Stored items from a collection
● ● ●

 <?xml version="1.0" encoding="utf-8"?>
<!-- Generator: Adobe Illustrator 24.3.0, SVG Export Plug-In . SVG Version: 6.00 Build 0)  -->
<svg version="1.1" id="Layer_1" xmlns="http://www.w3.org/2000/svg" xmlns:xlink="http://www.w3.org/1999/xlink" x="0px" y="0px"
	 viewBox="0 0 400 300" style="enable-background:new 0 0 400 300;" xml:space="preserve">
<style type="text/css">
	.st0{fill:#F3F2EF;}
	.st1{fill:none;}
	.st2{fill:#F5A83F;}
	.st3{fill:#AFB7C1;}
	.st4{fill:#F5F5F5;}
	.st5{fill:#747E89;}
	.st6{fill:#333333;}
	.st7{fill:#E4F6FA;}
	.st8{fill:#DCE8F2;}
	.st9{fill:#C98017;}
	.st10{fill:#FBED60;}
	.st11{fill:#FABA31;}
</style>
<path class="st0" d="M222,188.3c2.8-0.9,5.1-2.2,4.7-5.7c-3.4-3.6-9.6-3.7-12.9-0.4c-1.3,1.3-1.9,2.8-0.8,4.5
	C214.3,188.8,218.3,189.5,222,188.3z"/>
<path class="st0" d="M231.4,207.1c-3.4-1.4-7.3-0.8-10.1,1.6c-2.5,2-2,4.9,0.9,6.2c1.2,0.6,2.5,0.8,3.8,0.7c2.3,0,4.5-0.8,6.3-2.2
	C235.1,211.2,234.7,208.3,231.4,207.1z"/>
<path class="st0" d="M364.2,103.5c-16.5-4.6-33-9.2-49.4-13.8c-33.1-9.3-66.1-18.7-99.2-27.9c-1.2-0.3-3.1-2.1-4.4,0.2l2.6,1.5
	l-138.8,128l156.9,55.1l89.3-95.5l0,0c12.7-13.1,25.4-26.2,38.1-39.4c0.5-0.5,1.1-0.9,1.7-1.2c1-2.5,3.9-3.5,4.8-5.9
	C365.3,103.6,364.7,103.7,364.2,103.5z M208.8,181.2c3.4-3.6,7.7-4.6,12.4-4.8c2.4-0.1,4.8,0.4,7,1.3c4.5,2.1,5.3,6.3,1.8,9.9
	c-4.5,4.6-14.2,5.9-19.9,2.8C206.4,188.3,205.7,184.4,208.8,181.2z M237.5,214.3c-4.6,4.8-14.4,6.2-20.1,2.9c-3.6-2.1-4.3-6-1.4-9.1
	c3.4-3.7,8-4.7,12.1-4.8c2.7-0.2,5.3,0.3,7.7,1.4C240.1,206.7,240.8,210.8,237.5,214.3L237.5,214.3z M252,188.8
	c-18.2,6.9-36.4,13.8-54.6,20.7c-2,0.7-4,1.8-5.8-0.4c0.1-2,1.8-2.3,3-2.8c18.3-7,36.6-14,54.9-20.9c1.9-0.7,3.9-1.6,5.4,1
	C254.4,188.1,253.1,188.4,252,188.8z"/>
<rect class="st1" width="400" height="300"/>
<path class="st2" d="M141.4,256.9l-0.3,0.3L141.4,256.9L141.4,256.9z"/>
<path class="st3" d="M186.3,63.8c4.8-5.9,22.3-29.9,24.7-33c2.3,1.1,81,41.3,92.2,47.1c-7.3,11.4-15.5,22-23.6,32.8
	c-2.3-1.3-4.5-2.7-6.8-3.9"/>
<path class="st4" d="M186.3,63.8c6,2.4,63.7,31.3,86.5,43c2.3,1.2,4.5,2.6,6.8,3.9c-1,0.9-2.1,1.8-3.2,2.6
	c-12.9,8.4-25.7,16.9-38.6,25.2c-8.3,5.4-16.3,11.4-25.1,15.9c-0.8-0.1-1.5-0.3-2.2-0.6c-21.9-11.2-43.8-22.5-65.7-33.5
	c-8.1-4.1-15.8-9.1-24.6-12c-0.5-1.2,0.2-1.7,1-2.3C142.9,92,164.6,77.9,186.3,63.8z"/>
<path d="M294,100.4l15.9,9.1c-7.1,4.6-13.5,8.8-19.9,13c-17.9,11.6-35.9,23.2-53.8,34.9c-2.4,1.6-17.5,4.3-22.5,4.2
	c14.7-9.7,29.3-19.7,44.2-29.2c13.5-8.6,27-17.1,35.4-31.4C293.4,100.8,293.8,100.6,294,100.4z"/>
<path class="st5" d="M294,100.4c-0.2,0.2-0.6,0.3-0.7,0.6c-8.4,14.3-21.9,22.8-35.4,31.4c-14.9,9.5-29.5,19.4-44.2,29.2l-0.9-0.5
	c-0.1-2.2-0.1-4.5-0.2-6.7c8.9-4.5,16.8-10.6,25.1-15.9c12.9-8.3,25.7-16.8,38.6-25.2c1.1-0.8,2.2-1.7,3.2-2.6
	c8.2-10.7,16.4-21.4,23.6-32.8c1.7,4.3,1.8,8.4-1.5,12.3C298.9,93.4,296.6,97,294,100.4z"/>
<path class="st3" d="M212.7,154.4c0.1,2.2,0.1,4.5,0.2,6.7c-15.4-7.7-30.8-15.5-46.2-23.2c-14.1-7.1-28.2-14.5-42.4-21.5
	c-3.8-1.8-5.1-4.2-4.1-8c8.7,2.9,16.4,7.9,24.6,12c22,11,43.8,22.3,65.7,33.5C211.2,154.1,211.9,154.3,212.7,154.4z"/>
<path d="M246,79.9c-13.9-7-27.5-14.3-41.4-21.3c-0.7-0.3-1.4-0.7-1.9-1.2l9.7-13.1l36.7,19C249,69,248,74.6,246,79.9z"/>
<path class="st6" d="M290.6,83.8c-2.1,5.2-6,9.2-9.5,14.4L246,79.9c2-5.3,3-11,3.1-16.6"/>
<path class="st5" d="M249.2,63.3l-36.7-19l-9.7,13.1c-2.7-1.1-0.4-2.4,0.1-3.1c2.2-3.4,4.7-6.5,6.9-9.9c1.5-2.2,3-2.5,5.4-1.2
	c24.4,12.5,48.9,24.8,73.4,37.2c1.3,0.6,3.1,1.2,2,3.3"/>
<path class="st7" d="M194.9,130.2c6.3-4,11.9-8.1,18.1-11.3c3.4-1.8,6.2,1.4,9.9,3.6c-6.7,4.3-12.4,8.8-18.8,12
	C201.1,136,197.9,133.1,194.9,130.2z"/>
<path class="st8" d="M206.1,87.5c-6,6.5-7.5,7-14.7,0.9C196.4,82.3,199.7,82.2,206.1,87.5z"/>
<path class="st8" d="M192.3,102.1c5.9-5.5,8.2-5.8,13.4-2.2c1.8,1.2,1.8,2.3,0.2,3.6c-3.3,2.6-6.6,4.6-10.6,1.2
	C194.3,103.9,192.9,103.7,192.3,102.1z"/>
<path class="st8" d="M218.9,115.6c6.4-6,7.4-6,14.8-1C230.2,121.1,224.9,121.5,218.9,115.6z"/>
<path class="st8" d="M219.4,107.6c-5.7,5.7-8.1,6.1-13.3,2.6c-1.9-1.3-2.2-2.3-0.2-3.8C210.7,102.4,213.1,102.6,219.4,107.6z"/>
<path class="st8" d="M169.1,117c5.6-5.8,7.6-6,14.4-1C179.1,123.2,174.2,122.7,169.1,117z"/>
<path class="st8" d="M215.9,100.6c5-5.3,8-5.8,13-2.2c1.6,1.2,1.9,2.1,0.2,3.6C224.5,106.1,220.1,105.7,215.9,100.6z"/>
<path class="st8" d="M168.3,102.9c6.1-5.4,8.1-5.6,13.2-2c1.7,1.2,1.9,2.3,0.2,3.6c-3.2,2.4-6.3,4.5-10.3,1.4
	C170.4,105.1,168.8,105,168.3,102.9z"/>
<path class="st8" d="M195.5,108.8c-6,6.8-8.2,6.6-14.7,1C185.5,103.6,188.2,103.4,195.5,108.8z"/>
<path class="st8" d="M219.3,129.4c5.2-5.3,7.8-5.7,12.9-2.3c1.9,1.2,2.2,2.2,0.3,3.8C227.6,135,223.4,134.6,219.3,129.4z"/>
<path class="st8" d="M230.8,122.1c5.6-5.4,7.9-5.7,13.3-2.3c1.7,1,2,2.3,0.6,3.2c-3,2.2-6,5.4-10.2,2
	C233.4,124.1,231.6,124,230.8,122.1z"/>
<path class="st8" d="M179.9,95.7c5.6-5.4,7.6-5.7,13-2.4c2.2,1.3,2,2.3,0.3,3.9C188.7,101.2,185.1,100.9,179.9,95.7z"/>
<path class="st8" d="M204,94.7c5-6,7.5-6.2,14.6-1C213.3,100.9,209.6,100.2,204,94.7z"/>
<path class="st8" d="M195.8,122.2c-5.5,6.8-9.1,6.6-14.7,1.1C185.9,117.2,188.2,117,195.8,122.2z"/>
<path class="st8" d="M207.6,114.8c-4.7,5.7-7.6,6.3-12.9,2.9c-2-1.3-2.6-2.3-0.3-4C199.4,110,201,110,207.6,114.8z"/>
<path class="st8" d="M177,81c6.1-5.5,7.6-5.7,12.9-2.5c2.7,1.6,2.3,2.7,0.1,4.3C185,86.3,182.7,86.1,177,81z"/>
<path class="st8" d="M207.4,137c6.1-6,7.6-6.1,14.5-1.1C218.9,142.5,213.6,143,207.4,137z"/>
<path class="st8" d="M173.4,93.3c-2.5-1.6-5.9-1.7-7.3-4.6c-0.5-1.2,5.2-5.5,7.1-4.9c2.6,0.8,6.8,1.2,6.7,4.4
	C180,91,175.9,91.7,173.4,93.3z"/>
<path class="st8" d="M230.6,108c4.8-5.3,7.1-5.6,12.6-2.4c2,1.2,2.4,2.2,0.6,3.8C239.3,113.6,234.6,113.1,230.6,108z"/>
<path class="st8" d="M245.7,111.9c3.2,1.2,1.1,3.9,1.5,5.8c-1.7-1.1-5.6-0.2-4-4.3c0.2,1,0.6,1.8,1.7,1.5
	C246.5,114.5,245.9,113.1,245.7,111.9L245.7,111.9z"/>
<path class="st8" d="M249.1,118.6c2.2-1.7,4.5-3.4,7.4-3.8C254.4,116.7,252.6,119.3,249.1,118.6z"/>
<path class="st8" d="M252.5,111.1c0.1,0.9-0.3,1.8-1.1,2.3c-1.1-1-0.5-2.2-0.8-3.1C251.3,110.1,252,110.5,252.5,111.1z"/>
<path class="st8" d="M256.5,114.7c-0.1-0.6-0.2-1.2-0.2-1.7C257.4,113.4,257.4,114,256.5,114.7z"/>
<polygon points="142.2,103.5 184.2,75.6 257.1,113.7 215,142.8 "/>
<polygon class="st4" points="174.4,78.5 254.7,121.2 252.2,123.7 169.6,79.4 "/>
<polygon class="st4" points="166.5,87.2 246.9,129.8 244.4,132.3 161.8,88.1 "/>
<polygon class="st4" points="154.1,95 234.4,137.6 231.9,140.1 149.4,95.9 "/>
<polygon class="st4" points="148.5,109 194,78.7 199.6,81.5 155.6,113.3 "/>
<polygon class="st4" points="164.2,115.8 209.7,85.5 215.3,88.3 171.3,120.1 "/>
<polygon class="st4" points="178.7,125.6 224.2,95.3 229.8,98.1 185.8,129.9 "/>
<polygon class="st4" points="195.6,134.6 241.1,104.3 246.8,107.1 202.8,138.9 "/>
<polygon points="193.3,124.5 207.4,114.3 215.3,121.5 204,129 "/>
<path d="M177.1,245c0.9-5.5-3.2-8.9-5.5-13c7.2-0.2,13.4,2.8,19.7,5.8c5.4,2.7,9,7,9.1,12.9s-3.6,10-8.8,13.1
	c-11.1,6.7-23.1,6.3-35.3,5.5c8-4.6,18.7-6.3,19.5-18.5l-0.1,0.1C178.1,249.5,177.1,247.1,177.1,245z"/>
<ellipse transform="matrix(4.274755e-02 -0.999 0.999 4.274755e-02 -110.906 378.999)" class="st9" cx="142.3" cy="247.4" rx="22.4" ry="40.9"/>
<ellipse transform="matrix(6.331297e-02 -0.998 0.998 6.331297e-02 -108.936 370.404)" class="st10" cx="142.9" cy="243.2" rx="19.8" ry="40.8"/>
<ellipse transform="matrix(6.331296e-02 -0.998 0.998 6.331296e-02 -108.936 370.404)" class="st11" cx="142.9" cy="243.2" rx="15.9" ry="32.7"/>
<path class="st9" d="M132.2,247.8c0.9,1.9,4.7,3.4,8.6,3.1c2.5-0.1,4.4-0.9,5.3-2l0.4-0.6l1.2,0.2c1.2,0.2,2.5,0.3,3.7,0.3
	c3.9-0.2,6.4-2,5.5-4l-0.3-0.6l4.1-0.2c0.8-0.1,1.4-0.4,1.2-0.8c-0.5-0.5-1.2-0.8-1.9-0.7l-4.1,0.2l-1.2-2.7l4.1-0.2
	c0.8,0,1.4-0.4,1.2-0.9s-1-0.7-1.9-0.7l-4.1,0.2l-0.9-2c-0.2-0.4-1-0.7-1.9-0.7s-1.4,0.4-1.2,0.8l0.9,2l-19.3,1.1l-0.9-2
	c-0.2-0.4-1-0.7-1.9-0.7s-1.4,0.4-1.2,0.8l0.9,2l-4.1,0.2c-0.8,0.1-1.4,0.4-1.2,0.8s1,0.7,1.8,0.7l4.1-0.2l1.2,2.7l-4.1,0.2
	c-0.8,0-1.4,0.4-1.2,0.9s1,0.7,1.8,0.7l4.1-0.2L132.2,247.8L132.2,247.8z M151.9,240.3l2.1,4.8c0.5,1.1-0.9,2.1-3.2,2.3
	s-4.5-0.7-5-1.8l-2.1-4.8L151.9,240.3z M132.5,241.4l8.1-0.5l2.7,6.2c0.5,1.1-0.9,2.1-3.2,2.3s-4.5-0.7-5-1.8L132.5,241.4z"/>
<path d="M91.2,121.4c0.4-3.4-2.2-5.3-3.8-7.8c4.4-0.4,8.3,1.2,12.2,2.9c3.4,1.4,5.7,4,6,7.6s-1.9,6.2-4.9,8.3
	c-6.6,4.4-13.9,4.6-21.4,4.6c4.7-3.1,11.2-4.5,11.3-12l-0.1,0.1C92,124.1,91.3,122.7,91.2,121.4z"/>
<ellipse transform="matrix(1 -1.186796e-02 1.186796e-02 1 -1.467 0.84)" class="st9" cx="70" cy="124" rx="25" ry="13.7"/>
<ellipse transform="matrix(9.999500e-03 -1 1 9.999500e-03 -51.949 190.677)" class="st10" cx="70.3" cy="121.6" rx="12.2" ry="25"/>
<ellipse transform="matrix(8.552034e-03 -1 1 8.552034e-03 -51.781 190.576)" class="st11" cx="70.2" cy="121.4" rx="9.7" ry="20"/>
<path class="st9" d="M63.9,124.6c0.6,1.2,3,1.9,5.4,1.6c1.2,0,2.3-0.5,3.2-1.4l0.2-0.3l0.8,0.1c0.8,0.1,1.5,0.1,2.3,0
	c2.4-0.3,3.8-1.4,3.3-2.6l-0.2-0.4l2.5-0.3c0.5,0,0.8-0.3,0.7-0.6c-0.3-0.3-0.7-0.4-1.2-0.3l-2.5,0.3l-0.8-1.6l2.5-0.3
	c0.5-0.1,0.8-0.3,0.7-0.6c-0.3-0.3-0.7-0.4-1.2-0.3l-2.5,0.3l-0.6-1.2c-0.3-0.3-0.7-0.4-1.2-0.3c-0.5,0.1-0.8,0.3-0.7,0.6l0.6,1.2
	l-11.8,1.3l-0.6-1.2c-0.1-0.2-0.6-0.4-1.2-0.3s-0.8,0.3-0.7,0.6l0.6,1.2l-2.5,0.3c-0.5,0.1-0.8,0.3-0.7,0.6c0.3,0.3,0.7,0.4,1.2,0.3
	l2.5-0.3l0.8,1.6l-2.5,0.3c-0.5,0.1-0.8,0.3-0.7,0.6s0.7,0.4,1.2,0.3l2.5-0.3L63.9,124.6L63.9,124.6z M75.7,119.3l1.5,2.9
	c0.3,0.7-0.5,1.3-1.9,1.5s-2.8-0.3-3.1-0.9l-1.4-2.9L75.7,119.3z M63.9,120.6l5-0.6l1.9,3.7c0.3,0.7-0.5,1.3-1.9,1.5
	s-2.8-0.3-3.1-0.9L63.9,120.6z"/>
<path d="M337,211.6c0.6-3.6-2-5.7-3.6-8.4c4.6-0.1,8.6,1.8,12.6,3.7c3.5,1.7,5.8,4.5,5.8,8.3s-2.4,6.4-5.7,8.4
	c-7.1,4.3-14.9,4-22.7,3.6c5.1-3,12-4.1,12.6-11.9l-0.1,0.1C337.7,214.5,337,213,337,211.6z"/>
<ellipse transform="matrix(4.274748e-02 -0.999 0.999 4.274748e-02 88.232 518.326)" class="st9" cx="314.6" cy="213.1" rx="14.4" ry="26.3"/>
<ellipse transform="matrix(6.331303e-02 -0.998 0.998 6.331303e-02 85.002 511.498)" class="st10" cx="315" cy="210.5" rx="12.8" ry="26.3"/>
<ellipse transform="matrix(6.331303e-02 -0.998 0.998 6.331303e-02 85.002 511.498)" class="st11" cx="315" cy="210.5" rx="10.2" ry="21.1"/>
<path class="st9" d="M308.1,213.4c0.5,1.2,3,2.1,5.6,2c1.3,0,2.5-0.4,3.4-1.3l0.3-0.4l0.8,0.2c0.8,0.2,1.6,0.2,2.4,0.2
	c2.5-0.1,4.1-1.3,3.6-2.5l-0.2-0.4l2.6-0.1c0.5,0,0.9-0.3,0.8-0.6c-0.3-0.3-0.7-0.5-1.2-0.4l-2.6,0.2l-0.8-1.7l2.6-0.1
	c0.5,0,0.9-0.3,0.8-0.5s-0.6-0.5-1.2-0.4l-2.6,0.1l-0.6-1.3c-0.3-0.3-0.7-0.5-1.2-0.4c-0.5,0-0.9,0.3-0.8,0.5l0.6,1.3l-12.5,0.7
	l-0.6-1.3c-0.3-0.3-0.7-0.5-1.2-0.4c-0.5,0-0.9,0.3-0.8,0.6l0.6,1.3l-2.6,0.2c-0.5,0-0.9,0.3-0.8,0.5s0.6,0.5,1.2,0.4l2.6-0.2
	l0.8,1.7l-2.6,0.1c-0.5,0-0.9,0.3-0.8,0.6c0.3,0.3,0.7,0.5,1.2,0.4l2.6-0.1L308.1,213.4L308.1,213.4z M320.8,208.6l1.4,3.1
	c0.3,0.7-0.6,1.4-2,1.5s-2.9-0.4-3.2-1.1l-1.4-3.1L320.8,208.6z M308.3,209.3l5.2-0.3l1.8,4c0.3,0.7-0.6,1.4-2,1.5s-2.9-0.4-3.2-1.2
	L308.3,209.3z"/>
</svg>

● ● ●

> _What you need to do_
Check each line of the records above for the string "style", and report every line that has it.

> _Written response_
	 viewBox="0 0 400 300" style="enable-background:new 0 0 400 300;" xml:space="preserve">
<style type="text/css">
</style>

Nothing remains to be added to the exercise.